Using token-wise attention analysis, the authors identify visual inertia—persistently focused attention on semantically critical regions—as a key driver of this failure to perform inter-object relational inference.
They propose a training-free Inertia-aware Visual Excitation (IVE) method that dynamically selects emerging visual tokens and applies an inertia-aware penalty to reduce over-concentration and attention persistence in localized regions.

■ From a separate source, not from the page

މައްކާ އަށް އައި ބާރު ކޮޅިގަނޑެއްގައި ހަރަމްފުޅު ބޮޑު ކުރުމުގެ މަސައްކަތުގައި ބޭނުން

Experimental results indicate that IVE improves mitigation of cognitive hallucinations across multiple base MLLMs and several hallucination benchmarks.

Abstract

Like a body at rest that stays at rest, we find that visual attention in multimodal large language models (MLLMs) exhibits pronounced inertia, remaining largely static once settled during early decoding steps and failing to support the compositional understanding required for cognitive inference. While existing hallucination mitigation methods mainly target perceptual hallucinations concerning object existence or attributes, they remain inadequate for such cognitive hallucinations that require inter-object relational deduction. Through token-wise attention analysis, we identify this visual inertia as a key factor: attention to semantically critical regions remains persistently focused and fails to dynamically support relational inference. We thereby propose a training-free Inertia-aware Visual Excitation (IVE) method that breaks this inertial pattern by modeling cognitive inference as the dynamic responsiveness of visual attention. Specifically, IVE selects visual tokens that are dynamically emerging relative to historical attention trends while distinguishing tokens exhibiting inertial behavior. To further facilitate compositional inference, IVE introduces an inertia-aware penalty that discourages over-concentration and limits the persistence of attention within localized regions. Extensive experiments show that IVE is effective across various base MLLMs and multiple hallucination benchmarks, particularly for cognitive hallucinations.